Obituary: U. S. Agency For International Development
Author: Ambassador (Ret.) Richard E. Hoagland
02/15/2025
That the current presidential administration in Washington is taking steps world-wide to close down, essentially to kill off, the U.S. Agency for International Development (USAID) is possibly the most shocking, and longest-reaching, foreign-policy step that could possibly have been taken. One of the historical Cold War agencies founded after World War II to help the United States compete with the Soviet Union, USAID was created by President John F. Kennedy in November 1961, and it soon became the “public face of American diplomacy” around the world, along with the U.S. Information Agency that for nearly five decades, from 1953 until 1999 when most of its elements were folded into the State Department, implemented press and information as well as culture and education relations with foreign publics abroad, often from offices, libraries, and other U.S. information centers outside of the high-walled and heavily secured U.S. embassies
For about three decades, American government foreign-service experts implementing U.S. government assistance programs abroad became, for the general populations of those countries, the Face of America. Tens of thousands of people in foreign countries had the opportunity to meet American citizens, USAID workers, face to face, whereas many fewer of them ever would have been able to meet the traditional U.S. diplomats working in the U.S. embassies.
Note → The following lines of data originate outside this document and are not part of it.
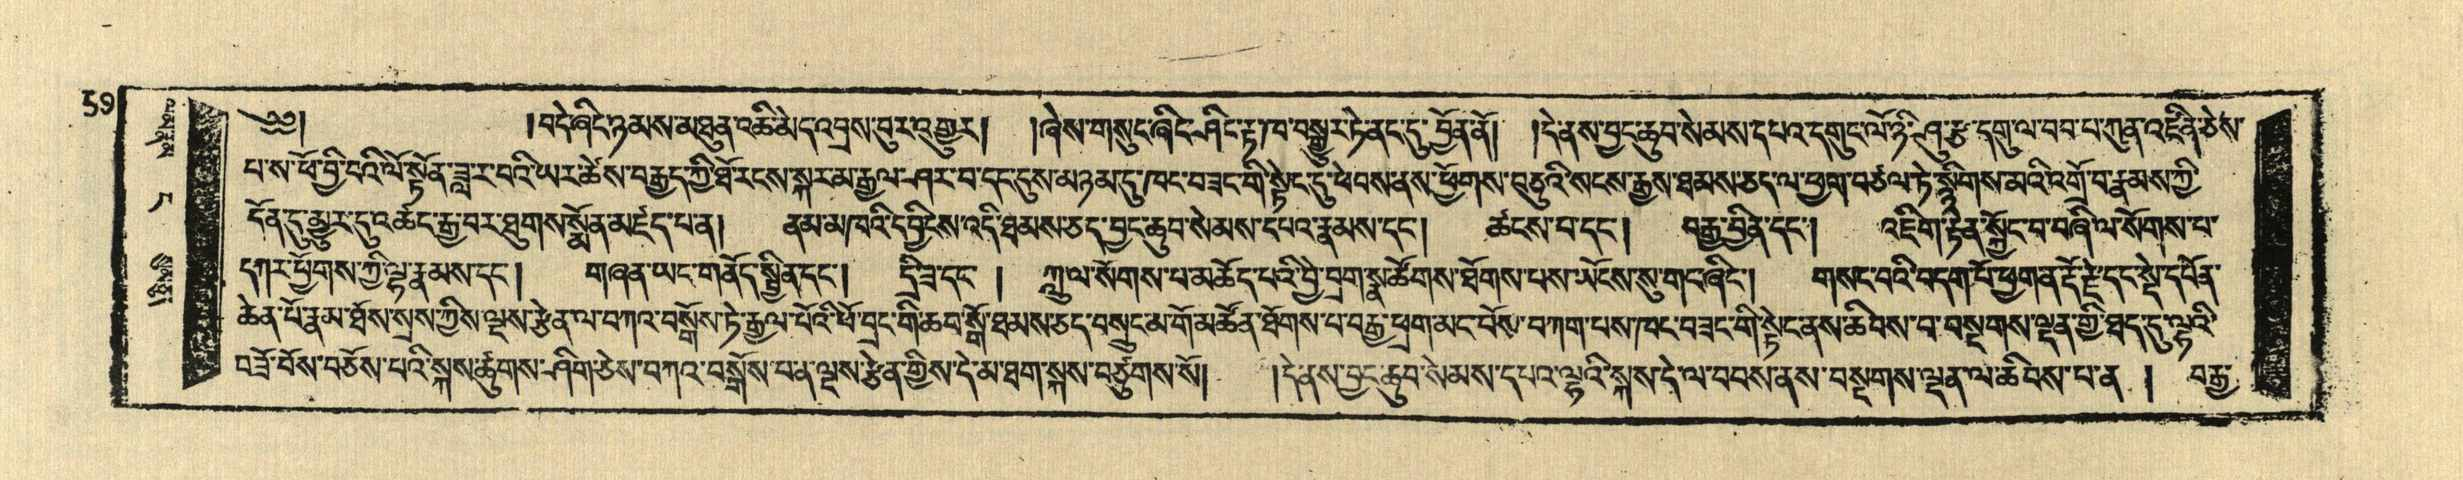༄༅། །བདེ་ཞིང་ཉམས་མཐུན་འཆི་མེད་འབྲས་བུར་འགྱུར། །ཞེས་གསུང་ཞིང་ཤིང་རྟ་ཁ་བསྒྱུར་ཏེ་ནང་དུ་བྱོན་ནོ། །དེ་ནས་བྱང་ཆུབ་སེམས་དཔའ་དགུང་ལོ་ཉི་ཤུ་རྩ་དགུ་ལ་བབ་པ་ཀུན་འཛིན་ཅེས་
པ་ས་ཕོ་བྱི་བའི་ལོ་སྟོན་ཟླ་ར་བའི་ཡར་ཚེས་བརྒྱད་ཀྱི་ཐོ་རངས་སྐར་མ་རྒྱལ་ཤར་བ་དང་དུས་མཉམ་དུ་ཁང་བཟང་གི་སྟེང་དུ་ཕེབས་ནས་ཕྱོགས་བཅུའི་སངས་རྒྱས་ཐམས་ཅད་ལ་ཕྱག་བཙལ་ཏེ་སྙིགས་མའི་འགྲོ་བ་རྣམས་ཀྱི་
དོན་དུ་མྱུར་དུ་འཚང་རྒྱ་བར་ཐུགས་སྨོན་མཛད་པ་ན། ནམ་མཁའི་དབྱིངས་འདི་ཐམས་ཅད་བྱང་ཆུབ་སེམས་དཔའ་རྣམས་དང་། ཚང་བ་དང་། བརྒྱ་བྱིན་དང་། འཇིག་རྟེན་སྐྱོང་བ་བཞི་ལ་སོགས་པ་
དཀར་ཕྱོགས་ཀྱི་ལྷ་རྣམས་དང་། གཞན་ཡང་གནོད་སྦྱིན་དང་། དྲི་ཟ་དང་། ཀླུ་ལ་སོགས་པ་མཆོད་པའི་བྱེ་བྲག་སྣ་ཚོགས་ཐོགས་པས་ཡོངས་སུ་གང་ཞིང་། གསང་བའི་བདག་པོ་ཕྱག་ན་རྡོ་རྗེ་དང་སྡེ་དཔོན་
ཆེན་པོ་རྣམ་ཐོས་སྲས་ཀྱིས་ལྔས་རྩེན་ལ་བཀའ་བསྒོས་ཏེ་རྒྱལ་པོའི་ཕོ་བྲང་གི་ཆབ་སྒོ་ཐམས་ཅད་བསྲུང་མ་གོ་མཚོན་ཐོགས་པ་བརྒྱ་ཕྲག་མང་པོས་བཀག་པས་ཁང་བཟང་གི་སྟེང་ནས་ཆིབས་བ་བསྔགས་ལྡན་གྱི་ཐད་དུ་ལྷའི་
བཟོ་བོས་བཅོས་པའི་སྐས་ཚུགས་ཤིག་ཅེས་བཀའ་བསྒོས་བན་ལྔས་རྩེན་གྱིས་དེ་མ་ཐག་སྐས་བཙུགས་སོ། །དེ་ནས་བྱང་ཆུབ་སེམས་དཔའ་ལྷའི་སྐས་དེ་ལ་བབས་ནས་བསྔགས་ལྡན་ལ་ཆིབས་པ་ན། བརྒྱ་

In the 1980s, President Ronald Reagan “privatized” USAID, essentially turning it into a pass-through for U.S. foreign assistance funds to U.S. private-sector organizations that then raked into their own coffers about 30% of those U.S. funds designated for the populations of foreign countries as part of their “standard operating costs.” The remaining relatively small number of USAID direct employees became, at least to a certain degree, “green-eyeshade specialists” working in Washington and in U.S. embassies abroad to manage the private-sector implementers out in the field at the real ground level.
This “privatization of assistance” caused headaches for U.S. ambassadors abroad, because the newly designated private-sector implementers, U.S. private citizens, quite often liked to consider themselves – and to portray themselves to the public – as unrelated to the U.S. embassy in the country where they were working and, in fact, would often try to keep as much distance as possible from the embassy. To oversimplify, they often saw themselves as “good citizens” and too often perceived the official U.S. diplomats assigned to the embassies as “out-of-touch government flunkies.” Because of this kind of perception, these often young private-sector implementers too often saw themselves as exempt from the security requirements and, sometimes, travel restrictions that they believed “limited,” even isolated, the U.S. diplomats working inside the U.S. embassies.
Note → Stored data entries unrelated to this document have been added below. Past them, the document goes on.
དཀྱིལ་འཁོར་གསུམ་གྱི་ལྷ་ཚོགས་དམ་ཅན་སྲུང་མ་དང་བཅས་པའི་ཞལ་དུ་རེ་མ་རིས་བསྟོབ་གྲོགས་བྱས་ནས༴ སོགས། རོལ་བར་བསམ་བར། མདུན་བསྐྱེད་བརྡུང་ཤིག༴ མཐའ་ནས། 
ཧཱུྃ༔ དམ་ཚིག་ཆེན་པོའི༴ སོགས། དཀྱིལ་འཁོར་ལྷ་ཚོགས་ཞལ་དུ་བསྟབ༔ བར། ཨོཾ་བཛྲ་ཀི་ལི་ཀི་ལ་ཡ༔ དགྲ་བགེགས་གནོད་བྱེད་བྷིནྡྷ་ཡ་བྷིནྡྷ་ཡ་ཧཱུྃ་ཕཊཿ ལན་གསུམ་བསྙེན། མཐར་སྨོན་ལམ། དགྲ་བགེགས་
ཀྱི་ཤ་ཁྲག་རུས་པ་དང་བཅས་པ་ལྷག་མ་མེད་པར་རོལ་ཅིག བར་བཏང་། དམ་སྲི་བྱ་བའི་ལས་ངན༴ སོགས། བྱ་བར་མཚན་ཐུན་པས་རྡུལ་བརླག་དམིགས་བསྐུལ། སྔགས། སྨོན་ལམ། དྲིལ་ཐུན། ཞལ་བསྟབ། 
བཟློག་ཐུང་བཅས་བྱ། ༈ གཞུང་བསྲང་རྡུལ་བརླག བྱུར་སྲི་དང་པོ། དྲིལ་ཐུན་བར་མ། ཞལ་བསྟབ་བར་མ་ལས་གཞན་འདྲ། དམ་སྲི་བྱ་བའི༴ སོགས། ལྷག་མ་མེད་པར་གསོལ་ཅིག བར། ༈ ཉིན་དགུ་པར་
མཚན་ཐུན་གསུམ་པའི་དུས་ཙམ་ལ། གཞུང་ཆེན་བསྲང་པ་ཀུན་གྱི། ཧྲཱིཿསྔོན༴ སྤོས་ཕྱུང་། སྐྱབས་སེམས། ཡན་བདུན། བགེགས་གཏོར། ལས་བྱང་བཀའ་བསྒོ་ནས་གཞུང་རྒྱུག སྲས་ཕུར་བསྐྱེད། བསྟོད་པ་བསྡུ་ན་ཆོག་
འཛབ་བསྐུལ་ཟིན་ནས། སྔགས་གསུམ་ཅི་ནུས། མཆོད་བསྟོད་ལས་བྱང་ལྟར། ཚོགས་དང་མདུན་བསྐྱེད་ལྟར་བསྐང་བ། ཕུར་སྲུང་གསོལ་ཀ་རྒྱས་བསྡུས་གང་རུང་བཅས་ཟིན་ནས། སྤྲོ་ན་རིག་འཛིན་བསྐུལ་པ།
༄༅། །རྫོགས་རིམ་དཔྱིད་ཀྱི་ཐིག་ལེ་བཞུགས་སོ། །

To a certain degree, what I have just described here is “inside baseball” and seldom surfaced between the private-sector U.S. assistance implementers and the citizens of the countries where they were working. And in a sense, that was really the glory of USAID: it created broad swaths of people-to-people relations abroad that, more often than not, spread a positive vision of America.
In the current world of foreign affairs, Russia and, especially, China have certain degrees of education, culture, and development programs but nothing close to the broad extent historically implemented by the United States. Closing down USAID and sending home from abroad the thousands and thousands of U.S. private-citizen implementers will take away this unique “soft diplomacy” and put Washington more on a par with Moscow and Beijing, at least in the way that citizens abroad perceive those three “great powers.”
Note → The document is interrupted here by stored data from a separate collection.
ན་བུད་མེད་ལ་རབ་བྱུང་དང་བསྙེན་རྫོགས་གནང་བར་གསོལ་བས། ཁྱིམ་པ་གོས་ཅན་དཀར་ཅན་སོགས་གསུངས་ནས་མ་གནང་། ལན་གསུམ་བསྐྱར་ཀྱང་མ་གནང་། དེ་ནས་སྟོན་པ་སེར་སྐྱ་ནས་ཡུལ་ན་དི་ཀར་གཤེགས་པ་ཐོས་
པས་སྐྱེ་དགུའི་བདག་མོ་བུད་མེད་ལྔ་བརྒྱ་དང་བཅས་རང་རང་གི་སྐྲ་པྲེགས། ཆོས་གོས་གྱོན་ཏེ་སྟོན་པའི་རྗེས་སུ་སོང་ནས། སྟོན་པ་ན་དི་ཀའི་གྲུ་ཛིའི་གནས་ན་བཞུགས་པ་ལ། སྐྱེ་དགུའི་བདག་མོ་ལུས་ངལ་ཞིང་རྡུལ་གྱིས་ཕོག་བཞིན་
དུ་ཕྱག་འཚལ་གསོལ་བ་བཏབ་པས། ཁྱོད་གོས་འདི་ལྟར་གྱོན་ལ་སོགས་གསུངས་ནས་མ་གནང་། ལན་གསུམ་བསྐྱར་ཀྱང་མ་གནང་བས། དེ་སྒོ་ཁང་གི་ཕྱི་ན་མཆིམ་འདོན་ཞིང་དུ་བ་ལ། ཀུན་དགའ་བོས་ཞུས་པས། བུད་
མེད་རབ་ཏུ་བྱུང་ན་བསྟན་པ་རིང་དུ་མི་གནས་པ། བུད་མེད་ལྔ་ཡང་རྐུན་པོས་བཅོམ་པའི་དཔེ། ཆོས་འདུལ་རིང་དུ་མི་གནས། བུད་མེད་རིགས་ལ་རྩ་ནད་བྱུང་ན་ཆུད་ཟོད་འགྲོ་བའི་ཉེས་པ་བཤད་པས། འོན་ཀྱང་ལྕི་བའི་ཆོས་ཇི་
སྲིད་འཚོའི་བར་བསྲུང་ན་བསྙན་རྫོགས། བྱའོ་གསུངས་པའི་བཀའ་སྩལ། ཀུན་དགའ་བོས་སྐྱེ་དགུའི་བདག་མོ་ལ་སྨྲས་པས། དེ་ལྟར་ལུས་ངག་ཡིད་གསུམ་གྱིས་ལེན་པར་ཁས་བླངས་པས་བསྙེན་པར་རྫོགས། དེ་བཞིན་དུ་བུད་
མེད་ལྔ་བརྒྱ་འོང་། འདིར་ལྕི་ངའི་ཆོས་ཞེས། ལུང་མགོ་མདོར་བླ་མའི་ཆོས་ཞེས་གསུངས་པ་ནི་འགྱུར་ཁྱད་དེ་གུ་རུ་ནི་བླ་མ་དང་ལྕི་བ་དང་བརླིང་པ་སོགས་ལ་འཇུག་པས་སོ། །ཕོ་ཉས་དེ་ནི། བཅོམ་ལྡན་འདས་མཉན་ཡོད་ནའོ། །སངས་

It's still much too early to know how the United States will now present itself – and be perceived – abroad. What is clear, however, is that we – the U.S. government and the American people – truly have come to the end of an era.
May the soon-to-be-defunct U.S. Agency for International Development, and the people-to-people diplomacy it represented, rest in peace. And may a positive new form of people-to-people diplomacy emerge as soon as possible to present the United States, and the American people in general, in the best possible light around the world.